Last modified: 2012-11-06 08:53:54 UTC
See the url above. By inserting a U+0EFF (.) instead of a normal dot, the user managed to link to a blacklisted site traditio.ru. And even after I attempted to fix this by explicitly adding this char to blacklist[http://meta.wikimedia.org/w/index.php?diff=863226], it does not seem to work [http://meta.wikimedia.org/w/index.php?diff=863233].
Fixed in r30482
The fix seems a little narrow. What's the underlying reason that the exploit worked? U+0EFF can't be the only character that browsers will treat as a period in URLs.
(In reply to comment #2) > The fix seems a little narrow. What's the underlying reason that the exploit > worked?

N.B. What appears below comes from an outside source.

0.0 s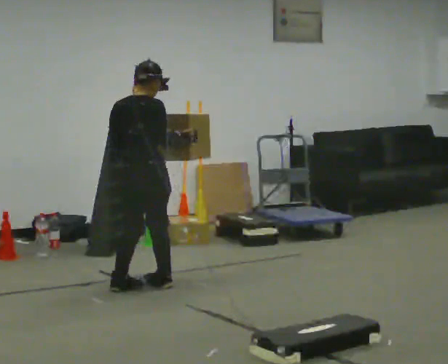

U+0EFF can't be the only character that browsers will treat as a > period in URLs. > I think we need some form of UTF normalization.
Indeed, there are far more ways: http://meta.wikimedia.org/w/index.php?oldid=1319535 Unicode normalisation again.
(In reply to comment #4) > Indeed, there are far more ways: > http://meta.wikimedia.org/w/index.php?oldid=1319535 > > Unicode normalisation again. > I'm not really sure what I'm supposed to be seeing at that oldid. That said, unicode normalization is really needed. We're doing so in some monitoring tools, but of course it's also needed in the blacklist as well.
better summary
"Unicode normalization" is a poor term to use for the problem involved here, since all the characters involved are already normalized by the definitions of the Unicode standard (they're NFC, to be precise). Adjusted summary.